Barangkali karena akar sejarah ICMI tidak lepas dari peran beberapa tokoh Muhammadiyah, maka Muhammadiyah Depok memandang perlu kader-kadernya mengambil bagian untuk berkiprah. Barangkali juga, dengan alasan itu pula nama saya dicantumkan. Sejujurnya yang saya keluhkan, saya bukanlah apa-apa dan masih terseok-seok untuk disebut sebagai “kader terbaik” Muhammadiyah.

Undangan Pelantikan

Sebab “Mata pena sudah ditorehkan. Jangan begini-begitu!” seperti dalam dialog imajiner saya dengan “Kiai Dahlan Muda” di atas, saat undangan pelantikan saya terima, cuma “Bismillah” bekal untuk memanggul amanah ini. Andaikata dalam perjalanannya nanti saya sanggup memikulnya, akan saya tuntaskan. Akan tetapi bila saya tak sanggup karena kapasitas yang tidak cukup, saya tak ragu untuk menyatakan mundur.

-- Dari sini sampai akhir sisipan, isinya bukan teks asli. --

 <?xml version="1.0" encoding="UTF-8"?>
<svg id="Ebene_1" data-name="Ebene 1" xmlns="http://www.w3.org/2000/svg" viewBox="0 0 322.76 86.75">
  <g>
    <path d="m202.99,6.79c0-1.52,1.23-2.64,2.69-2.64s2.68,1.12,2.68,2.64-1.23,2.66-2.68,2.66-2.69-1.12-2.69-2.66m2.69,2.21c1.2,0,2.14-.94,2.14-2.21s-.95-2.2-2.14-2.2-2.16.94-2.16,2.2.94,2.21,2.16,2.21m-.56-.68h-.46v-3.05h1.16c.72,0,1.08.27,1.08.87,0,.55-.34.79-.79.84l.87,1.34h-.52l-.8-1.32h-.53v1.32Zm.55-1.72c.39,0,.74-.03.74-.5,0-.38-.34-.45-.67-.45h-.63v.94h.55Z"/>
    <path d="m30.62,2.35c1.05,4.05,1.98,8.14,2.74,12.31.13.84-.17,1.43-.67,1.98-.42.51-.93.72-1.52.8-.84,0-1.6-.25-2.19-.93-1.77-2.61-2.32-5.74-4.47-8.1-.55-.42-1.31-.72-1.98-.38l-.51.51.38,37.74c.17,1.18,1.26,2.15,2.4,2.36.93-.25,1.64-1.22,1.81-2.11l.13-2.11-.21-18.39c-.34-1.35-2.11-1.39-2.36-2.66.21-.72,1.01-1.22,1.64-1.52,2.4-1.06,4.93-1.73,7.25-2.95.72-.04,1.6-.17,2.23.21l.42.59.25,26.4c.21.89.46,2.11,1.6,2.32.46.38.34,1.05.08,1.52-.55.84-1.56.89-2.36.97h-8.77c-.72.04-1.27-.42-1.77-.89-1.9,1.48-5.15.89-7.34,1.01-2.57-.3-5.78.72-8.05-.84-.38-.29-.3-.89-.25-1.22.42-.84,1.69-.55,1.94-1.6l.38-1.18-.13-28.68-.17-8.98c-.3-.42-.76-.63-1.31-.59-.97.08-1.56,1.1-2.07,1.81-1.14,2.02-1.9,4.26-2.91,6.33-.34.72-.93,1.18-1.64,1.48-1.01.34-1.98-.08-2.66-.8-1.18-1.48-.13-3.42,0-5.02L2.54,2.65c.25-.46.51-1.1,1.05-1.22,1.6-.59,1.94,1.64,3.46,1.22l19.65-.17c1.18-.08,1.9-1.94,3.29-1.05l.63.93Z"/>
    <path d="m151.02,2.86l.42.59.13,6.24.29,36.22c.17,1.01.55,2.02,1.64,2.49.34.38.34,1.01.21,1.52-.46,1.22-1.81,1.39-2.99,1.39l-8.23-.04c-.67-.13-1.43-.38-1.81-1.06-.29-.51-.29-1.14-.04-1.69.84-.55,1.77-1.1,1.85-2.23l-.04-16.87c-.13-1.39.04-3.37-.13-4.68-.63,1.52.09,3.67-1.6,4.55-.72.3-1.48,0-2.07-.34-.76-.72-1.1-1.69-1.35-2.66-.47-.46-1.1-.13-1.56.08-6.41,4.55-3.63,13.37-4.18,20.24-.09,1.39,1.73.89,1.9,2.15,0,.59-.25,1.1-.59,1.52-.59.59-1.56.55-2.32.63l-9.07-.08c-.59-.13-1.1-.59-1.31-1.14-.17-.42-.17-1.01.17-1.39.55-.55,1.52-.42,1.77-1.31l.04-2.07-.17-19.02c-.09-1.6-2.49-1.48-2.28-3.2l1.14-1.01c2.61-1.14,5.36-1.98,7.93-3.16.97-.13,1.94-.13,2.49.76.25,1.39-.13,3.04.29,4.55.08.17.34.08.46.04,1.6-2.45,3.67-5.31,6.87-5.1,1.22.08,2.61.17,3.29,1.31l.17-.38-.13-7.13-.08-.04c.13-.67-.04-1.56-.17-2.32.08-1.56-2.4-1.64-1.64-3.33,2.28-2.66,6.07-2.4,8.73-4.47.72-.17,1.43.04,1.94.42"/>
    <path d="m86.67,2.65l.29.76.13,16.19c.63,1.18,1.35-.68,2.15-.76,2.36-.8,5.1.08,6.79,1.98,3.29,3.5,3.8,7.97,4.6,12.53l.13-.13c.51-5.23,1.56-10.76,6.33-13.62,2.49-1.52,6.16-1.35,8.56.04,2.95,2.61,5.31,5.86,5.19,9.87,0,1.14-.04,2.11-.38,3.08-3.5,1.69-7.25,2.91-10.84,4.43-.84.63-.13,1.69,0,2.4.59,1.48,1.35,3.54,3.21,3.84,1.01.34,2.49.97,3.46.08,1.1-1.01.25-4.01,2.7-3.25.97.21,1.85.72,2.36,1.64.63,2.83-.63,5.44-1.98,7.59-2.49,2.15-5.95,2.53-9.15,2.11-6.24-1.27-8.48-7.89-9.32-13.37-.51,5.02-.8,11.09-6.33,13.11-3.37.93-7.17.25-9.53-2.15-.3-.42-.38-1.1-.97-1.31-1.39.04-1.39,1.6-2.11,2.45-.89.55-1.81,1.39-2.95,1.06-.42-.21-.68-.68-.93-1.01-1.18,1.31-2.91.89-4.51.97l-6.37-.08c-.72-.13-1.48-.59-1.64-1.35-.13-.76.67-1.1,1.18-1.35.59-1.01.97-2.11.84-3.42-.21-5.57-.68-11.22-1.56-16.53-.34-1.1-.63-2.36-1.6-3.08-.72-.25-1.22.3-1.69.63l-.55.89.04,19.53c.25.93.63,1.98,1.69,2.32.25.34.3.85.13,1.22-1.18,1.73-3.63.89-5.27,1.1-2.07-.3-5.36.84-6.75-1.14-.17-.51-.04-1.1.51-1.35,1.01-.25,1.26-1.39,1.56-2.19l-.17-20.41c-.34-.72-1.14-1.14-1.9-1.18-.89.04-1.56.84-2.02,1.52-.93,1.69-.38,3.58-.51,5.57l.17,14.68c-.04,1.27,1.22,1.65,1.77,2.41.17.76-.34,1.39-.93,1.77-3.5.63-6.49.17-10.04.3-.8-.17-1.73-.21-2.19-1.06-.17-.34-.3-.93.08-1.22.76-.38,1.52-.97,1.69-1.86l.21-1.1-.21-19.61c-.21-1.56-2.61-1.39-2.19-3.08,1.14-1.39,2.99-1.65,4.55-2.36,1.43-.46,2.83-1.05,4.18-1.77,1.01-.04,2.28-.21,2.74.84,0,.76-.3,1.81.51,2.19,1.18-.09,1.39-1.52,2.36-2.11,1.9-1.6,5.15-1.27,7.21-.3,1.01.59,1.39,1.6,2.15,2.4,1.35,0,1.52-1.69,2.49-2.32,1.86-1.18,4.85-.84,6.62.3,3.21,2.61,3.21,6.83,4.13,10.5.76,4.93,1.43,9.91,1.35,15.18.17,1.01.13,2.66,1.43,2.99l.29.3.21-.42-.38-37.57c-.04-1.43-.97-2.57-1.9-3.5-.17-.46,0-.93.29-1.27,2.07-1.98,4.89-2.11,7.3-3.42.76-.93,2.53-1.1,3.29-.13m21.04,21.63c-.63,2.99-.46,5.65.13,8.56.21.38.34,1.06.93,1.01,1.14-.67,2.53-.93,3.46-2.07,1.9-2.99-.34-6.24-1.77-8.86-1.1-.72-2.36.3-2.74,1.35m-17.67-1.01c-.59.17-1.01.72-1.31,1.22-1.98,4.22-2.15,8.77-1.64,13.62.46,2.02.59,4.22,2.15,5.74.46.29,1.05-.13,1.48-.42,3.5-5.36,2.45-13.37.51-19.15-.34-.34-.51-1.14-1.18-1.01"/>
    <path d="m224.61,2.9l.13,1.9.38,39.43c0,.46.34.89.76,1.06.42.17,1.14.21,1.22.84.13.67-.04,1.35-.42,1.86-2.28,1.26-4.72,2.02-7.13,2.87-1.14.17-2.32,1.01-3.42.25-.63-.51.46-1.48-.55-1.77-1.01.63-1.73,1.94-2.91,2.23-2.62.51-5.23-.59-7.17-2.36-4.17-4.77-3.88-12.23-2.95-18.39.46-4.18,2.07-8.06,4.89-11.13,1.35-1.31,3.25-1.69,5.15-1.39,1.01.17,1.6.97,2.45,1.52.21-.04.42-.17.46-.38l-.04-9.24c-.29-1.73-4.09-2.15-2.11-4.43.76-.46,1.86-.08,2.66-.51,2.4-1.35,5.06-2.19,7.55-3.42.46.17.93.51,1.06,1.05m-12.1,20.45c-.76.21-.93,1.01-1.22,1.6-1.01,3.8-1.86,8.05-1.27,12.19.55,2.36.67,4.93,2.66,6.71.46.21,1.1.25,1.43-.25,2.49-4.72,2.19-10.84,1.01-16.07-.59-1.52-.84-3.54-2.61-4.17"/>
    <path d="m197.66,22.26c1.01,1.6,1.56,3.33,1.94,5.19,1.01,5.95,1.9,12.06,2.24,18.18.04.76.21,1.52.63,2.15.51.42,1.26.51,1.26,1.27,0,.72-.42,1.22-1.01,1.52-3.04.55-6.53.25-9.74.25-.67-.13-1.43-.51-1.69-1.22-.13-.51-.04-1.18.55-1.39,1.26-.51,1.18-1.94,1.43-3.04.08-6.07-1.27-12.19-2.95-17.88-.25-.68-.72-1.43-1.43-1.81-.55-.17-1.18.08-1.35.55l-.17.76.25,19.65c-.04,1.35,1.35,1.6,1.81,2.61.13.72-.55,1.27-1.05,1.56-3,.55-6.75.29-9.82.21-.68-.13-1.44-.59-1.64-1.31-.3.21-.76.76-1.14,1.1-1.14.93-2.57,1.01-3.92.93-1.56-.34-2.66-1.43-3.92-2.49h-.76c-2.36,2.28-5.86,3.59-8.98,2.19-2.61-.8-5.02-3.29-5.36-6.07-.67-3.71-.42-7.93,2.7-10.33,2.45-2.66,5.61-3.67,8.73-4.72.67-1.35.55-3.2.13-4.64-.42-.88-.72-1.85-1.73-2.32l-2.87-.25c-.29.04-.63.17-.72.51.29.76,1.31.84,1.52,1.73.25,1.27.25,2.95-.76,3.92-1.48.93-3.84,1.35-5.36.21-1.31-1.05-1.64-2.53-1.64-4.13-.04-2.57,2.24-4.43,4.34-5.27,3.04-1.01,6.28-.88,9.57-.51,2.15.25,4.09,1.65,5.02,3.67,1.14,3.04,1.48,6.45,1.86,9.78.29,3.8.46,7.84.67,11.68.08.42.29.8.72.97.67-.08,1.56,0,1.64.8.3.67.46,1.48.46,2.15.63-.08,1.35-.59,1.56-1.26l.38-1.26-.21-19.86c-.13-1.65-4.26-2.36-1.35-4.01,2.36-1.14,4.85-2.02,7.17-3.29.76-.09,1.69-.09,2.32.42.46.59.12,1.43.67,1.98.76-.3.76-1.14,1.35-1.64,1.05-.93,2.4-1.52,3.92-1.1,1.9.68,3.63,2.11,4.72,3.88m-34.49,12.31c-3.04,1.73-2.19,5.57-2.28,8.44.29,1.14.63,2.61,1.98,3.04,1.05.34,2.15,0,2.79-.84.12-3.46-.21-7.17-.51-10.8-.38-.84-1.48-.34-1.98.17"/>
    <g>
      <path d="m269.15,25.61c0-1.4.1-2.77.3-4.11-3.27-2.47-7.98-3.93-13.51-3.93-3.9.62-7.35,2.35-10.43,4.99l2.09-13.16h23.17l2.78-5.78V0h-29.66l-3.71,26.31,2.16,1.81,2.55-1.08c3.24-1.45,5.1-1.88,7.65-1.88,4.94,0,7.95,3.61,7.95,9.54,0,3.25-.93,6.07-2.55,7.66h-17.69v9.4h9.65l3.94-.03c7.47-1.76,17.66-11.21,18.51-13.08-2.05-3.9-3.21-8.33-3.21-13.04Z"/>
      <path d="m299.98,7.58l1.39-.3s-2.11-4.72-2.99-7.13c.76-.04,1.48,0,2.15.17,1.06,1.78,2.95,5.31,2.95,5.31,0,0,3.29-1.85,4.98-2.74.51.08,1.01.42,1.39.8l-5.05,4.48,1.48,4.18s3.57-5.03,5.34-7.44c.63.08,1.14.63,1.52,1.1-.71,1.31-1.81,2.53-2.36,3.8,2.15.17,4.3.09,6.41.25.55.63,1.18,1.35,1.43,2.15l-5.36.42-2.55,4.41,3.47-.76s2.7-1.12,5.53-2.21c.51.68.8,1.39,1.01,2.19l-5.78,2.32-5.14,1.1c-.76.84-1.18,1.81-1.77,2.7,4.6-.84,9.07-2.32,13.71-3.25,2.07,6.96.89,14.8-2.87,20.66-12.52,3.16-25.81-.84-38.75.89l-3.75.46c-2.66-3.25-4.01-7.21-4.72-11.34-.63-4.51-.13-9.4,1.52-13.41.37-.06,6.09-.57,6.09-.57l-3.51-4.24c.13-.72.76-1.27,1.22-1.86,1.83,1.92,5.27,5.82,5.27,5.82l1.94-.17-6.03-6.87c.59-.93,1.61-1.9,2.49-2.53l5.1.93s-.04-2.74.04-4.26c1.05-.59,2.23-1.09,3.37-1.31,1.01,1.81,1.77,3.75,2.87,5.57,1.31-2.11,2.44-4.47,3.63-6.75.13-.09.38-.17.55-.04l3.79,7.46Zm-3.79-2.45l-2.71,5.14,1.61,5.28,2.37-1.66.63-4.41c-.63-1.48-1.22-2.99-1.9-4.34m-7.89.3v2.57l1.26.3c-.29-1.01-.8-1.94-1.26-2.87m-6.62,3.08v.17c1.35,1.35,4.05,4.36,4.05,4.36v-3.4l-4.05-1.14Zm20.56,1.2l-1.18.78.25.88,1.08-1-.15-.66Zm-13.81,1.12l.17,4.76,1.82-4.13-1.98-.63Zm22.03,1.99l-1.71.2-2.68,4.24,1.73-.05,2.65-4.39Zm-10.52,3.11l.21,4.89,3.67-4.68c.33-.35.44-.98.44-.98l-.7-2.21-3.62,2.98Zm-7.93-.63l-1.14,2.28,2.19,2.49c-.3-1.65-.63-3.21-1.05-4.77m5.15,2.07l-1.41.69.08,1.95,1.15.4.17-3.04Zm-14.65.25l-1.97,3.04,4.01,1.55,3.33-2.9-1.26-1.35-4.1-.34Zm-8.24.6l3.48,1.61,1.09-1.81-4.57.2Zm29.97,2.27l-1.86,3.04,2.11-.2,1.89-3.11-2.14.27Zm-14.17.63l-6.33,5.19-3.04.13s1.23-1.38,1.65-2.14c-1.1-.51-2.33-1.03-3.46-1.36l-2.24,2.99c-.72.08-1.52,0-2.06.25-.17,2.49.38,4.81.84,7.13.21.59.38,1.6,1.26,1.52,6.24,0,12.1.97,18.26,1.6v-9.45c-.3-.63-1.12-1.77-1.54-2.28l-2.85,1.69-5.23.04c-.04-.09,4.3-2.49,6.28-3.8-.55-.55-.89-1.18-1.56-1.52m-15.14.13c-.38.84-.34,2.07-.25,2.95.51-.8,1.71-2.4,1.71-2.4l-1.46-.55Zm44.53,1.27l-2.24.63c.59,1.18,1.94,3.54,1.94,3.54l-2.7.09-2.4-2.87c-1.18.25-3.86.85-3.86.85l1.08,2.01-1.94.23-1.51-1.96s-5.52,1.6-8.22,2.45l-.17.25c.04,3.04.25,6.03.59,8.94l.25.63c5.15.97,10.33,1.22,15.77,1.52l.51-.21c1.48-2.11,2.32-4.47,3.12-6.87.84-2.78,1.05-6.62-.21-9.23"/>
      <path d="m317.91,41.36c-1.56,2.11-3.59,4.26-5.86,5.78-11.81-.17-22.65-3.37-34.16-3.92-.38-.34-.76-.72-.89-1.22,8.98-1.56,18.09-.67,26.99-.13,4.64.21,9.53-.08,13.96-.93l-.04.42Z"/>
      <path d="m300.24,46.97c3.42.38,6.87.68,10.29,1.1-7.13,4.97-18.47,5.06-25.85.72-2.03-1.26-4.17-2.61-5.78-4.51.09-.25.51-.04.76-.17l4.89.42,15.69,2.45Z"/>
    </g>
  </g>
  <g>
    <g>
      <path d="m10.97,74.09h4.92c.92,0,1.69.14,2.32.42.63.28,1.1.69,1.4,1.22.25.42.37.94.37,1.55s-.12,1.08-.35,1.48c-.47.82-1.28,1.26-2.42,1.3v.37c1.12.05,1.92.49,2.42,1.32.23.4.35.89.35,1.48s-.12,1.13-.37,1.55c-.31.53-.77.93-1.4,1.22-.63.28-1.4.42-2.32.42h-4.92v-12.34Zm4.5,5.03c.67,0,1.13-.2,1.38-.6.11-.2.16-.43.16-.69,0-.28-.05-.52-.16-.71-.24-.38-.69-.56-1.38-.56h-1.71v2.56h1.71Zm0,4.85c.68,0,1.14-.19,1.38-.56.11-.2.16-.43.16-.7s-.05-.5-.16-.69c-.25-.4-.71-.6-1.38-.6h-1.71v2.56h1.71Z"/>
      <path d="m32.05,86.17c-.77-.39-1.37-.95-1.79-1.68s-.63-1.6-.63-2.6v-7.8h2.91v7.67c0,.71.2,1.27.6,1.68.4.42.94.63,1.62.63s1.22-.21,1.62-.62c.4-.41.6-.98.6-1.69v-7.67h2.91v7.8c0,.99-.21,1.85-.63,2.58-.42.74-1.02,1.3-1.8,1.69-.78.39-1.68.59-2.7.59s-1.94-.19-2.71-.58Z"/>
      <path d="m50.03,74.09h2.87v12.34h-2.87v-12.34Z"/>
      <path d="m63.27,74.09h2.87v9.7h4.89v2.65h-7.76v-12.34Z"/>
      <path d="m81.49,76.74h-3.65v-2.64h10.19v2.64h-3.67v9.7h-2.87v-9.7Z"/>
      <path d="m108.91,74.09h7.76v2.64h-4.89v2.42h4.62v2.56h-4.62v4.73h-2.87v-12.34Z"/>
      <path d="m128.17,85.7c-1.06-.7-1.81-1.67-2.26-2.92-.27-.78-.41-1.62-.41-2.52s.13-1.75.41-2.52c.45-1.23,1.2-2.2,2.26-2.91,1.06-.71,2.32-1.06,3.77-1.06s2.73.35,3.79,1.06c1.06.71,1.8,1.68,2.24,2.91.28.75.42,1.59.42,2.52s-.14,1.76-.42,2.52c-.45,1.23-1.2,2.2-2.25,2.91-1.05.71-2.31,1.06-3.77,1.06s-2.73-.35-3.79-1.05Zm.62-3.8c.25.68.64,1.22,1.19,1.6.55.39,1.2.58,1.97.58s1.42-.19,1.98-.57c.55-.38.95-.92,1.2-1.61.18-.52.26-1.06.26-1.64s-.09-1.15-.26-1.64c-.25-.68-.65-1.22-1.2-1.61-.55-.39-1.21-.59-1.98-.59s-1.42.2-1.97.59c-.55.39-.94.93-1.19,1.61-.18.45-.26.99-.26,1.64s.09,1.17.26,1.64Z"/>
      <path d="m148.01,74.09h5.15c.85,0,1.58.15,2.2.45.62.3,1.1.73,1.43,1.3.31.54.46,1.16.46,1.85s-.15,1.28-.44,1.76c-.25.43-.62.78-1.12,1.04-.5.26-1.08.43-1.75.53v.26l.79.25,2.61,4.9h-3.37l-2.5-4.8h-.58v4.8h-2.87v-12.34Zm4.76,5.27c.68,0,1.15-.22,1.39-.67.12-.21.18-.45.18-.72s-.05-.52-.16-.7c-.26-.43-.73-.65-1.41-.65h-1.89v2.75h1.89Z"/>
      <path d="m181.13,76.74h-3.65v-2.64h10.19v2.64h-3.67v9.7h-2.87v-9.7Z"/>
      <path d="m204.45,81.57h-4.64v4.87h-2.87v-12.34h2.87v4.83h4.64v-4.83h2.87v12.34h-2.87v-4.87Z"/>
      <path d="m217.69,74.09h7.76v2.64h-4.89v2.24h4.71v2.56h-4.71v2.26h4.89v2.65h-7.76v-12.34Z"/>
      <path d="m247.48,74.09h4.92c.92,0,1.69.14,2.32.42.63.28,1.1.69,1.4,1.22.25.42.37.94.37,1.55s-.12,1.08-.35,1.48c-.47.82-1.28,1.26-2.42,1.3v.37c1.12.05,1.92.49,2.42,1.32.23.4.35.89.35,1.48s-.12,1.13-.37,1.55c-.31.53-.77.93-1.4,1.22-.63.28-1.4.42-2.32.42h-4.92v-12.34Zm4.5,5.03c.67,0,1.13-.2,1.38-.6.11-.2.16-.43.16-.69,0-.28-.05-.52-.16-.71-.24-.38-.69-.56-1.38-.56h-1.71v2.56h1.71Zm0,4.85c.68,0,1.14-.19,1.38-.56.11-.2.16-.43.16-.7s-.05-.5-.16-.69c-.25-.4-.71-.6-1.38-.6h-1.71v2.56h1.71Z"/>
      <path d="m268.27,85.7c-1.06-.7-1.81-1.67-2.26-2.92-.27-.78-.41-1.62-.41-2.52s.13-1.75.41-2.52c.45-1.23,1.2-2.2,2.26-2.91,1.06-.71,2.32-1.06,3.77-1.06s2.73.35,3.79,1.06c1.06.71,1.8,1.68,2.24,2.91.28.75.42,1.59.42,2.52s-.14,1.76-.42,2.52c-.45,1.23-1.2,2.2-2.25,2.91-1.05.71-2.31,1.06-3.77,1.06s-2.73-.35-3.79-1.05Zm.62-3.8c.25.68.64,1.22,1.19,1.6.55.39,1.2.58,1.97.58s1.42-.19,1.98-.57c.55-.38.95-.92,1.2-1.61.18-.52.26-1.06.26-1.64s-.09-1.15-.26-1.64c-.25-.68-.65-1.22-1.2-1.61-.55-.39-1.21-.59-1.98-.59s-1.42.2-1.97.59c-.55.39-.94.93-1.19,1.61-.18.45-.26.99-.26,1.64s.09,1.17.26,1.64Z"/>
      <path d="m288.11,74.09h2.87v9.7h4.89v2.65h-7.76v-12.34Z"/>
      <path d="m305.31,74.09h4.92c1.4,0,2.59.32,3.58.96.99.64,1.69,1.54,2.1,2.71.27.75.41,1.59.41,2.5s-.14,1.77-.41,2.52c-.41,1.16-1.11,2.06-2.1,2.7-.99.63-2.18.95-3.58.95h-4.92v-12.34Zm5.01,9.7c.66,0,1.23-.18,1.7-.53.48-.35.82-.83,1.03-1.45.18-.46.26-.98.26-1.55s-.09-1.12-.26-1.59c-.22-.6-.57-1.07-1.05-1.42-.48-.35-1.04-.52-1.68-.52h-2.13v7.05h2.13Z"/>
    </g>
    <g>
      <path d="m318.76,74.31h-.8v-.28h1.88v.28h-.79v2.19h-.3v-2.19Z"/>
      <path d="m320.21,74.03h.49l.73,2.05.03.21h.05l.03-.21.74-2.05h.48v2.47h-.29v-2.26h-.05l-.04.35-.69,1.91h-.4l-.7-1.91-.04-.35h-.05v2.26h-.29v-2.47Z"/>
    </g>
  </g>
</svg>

Dalam surat undangan pelantikan, saya tercatat sebagai Anggota Divisi Media, Komunikasi dan Humas ICMI Orda Depok Periode 2022-2027. Divisi ini tidak presisi dengan basic pendidikan saya di Fakultas Tarbiyah. Akan tetapi, bidang ini masih beririsan dengan kompetensi keguruan yang saya geluti meskipun spesifik pada media pembelajaran dan komunikasi pendidikan. Jadi, meskipun remang-remang, masih bisa ditaksir ke mana arah divisi ini bekerja. Tentu saja, dukungan dari kader-kader Muhammadiyah Kota Depok, remang-remang itu menjadi cerah, sebagaimana Muhammadiyah yang selalu menjadi “Sang Pencerah”.

Akhirnya, bismillah, kopi sore ini saya sruput, sambil menunggu pelantikan beberapa hari lagi.